According to Marsh, The idea is to truck the pieces on a flatbed to the Port of Albany where they will be checked to make sure the axles are structurally sound, because it has a train pit so they can see under the locomotive carriages. Then move it by truck to Berkshire Scenic Railway Museum in Lenox, Massachusetts and reassemble the locomotives and put them back on the tracks. They will then travel about 100 miles down the Housatonic Railroad lines down to the museum in Danbury and they will be home.
Railroad owner, investor, enthusiast and historian Henry Posner III, the chairman of Railroad Development Corporation, has been involved with the quest of saving the locomotives for many years and agreed to fund the move.
“Henry Posner III has offered an unsecured loan to the museum to move the locomotives and he expects us to pay him back what we can,” Madyda said. “He has been central to this effort and great to work with.”
The Danbury museum has set up a dedicated fund to pay for the cost of the move and restoration. More information can be found at danburyrail.com.
“We will restore them to the way they were when they went to the New York Central Railroad,” Madyda said. “Depending on what we can repair or replace, will be how far we can go. There is quite a bit missing, but we tried to take as many things as possible back to Danbury before people stole them.”
Why are they so important to Danbury
The museum is at the end of the Danbury Branch of the Metro North Railroad, which acquired much of the routes of the New York Central Railroad. It was New York Central that electrified the lines into Manhattan beginning 1903 after the horrific steam locomotive accident in the Park Avenue tunnel. The electric locomotives, like the ones going to Danbury, were the only ones used to pull trains to Grand Central Terminal after the state Legislature’s ban on steam locomotives within Manhattan went into effect in 1908.
“These locomotives show the modes of transportation to New York City,” Madyda said. “ We will have all the locomotives that show the progression of technology that people used to commute into New York City.”
Number: 100 and 6000 Fuel: Electric 600 V DC Built: 1903 In service: Original Prototype. 50,000 miles of testing from 1904-1906. Details: First electric locomotive in New York. ALCO/GE built 47 before the S-motors were replaced with the T-motor locomotives in 1913. Developed as an alternative to steam locomotives and run on cleaner fuel, electricity.
Number: 278 Fuel: Electric 600 V DC Built: 1926 In service: 1926-1987 Details: Only remaining T-motor in the world.
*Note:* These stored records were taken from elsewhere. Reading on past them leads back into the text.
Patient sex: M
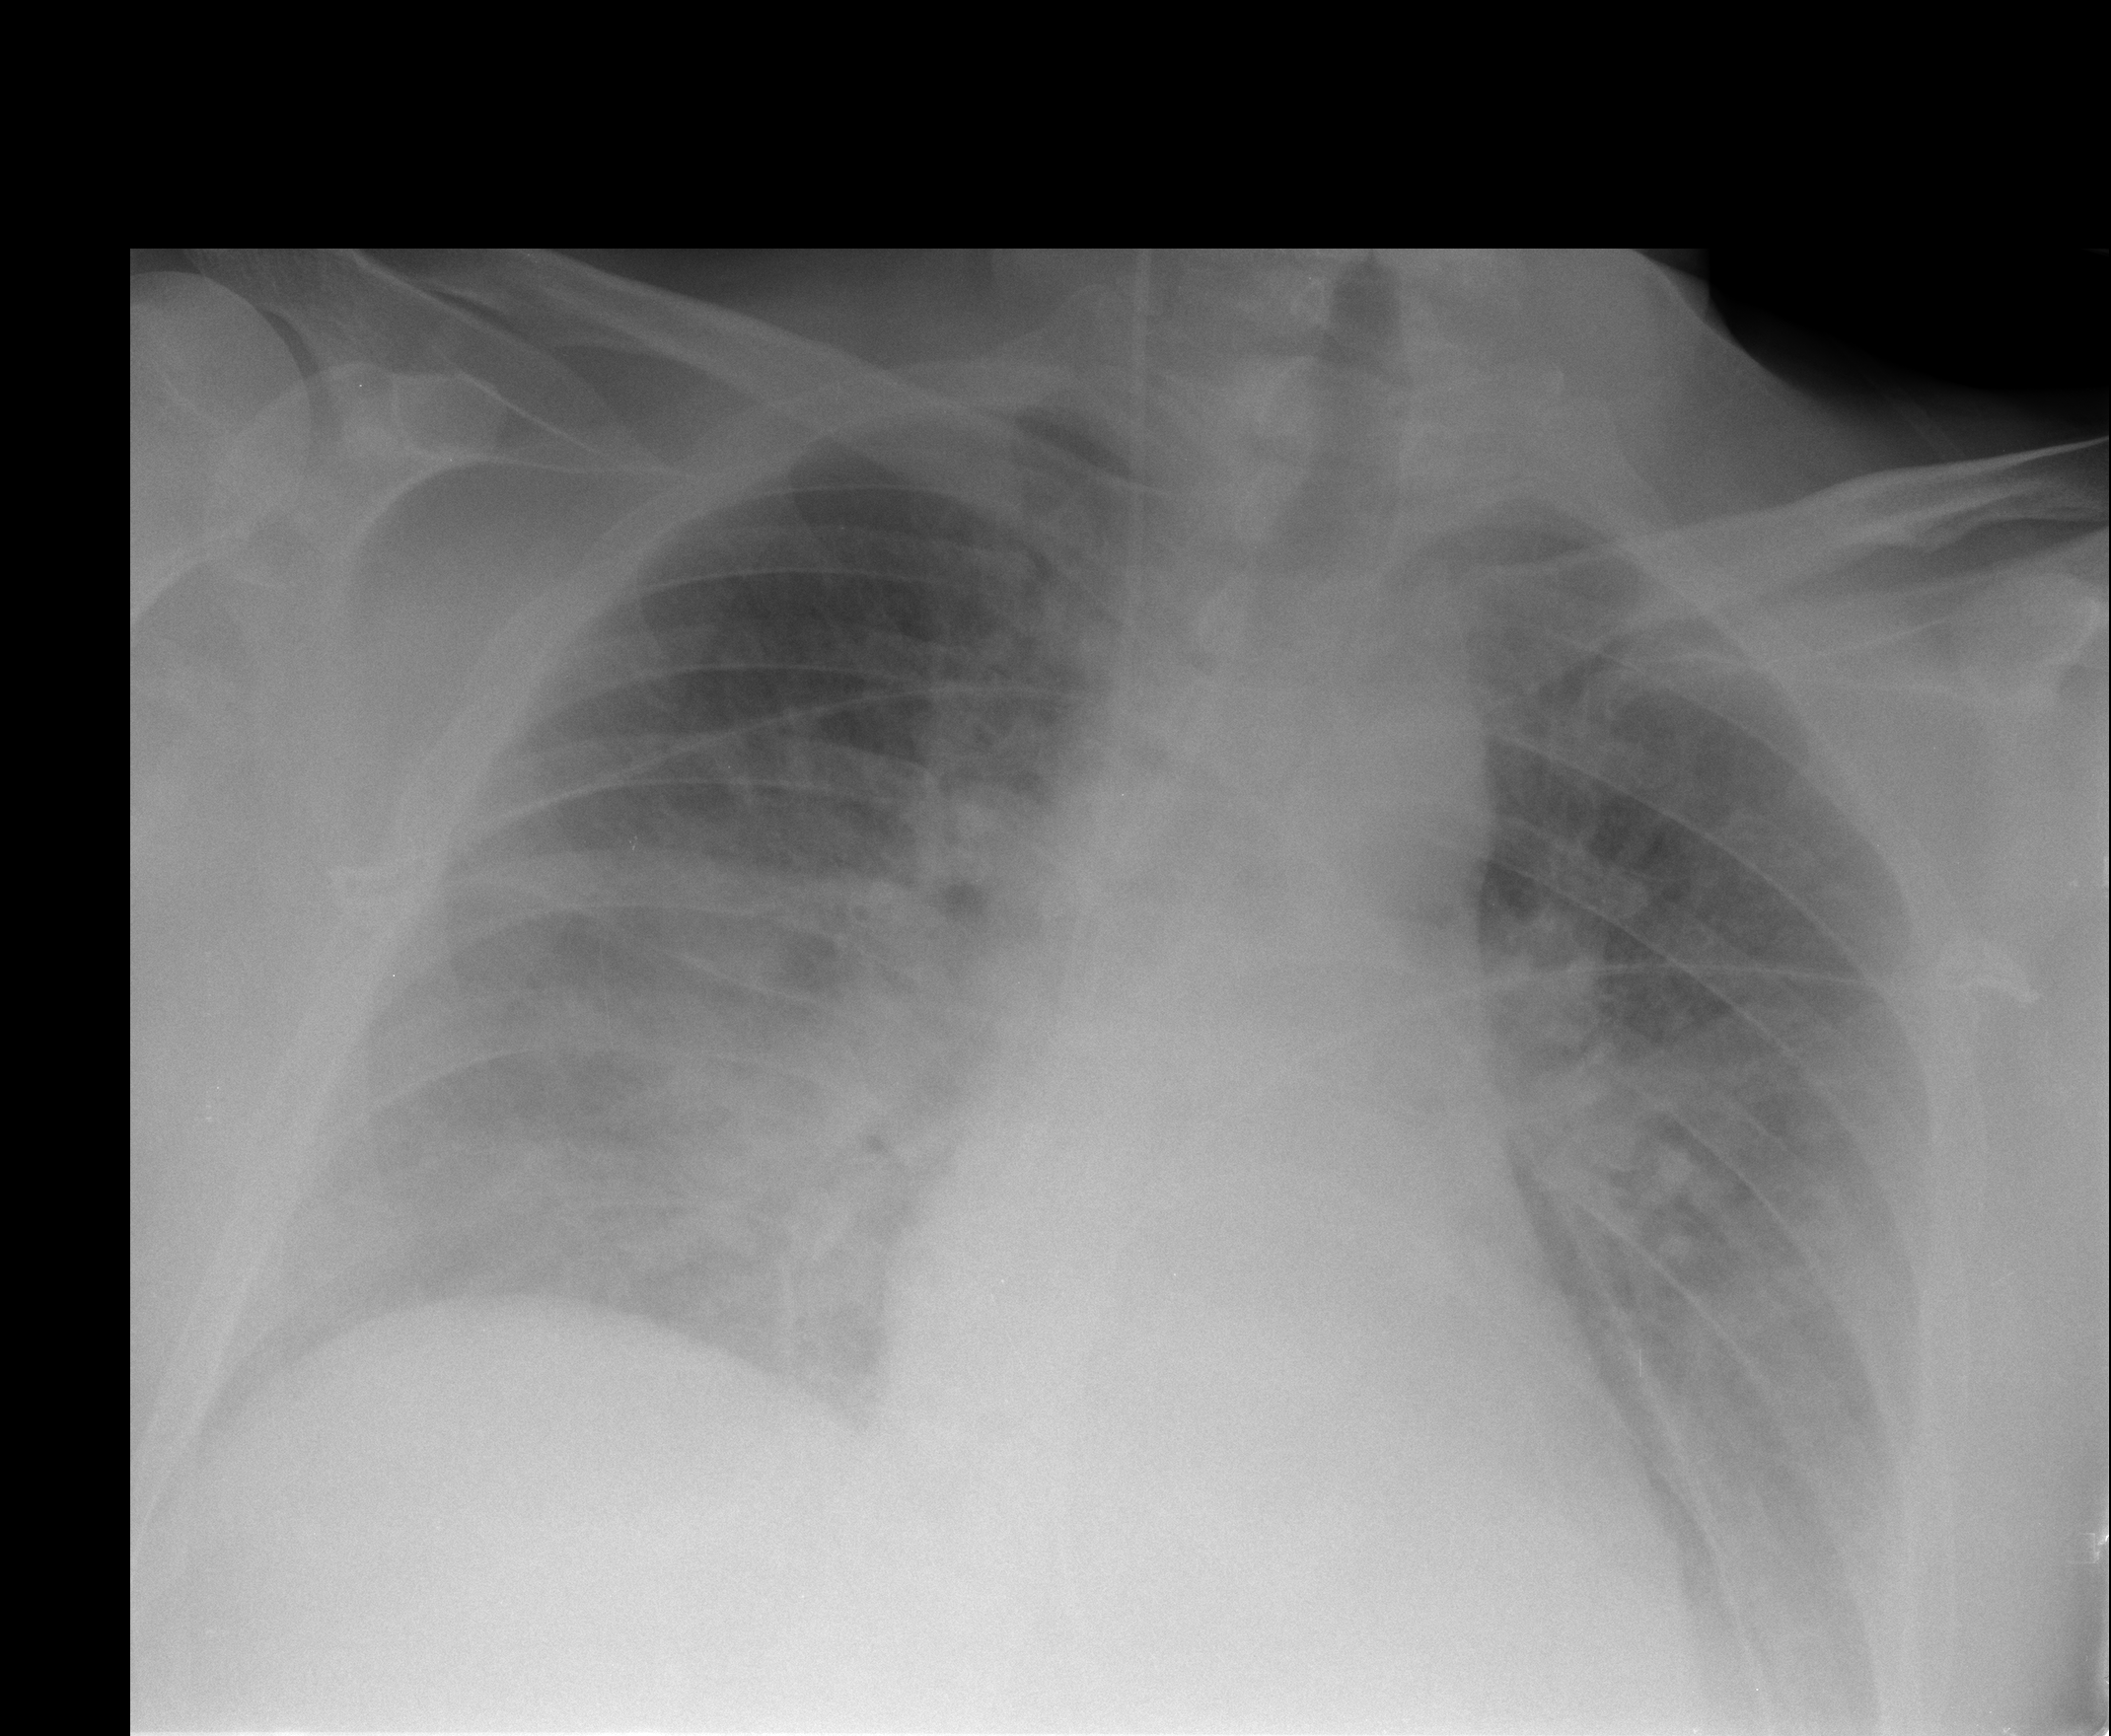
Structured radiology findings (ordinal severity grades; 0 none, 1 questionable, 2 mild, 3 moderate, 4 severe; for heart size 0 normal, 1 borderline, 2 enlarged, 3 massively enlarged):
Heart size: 0
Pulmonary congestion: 3
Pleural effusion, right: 2
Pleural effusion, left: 2
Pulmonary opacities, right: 2
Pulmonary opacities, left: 2
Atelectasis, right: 3
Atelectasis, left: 3

ALCO/GE built 36 between 1913-1926. The locomotives were much faster than subways and could haul full passenger and freight trains within city limits.
Number: unknown Fuel: Desiel Built: 1950-56 Details: Some of these are still in use today. This was from New York Central Railroad. 1,418 were made.
Number: unknown Fuel: Desiel Built: 1959-66 Details: One of seven left in existance. 478 were produced by General Electric.
Part of Movie History
The two electrics were hauled to New York City in 1987 for the filming of “A House on Carroll Street,” a movie starring Kelly McGinnis and Jeff Daniels. The two trains had a brief cameo, but were then towed back to the Capital District. At that time they were restored and mostly operational.
“The 100 [S-1] almost didn’t make it to Hollywood because when it was parked at the power Plant, a car from a Conrail work train parked at the top of the spur near the plant did not have its brake set and came down the hill and damaged the front of it,” Vanderbilt said. “Conrail brought in special welders to fix the front and repainted it to look like new again and they towed it to New York City for the film.”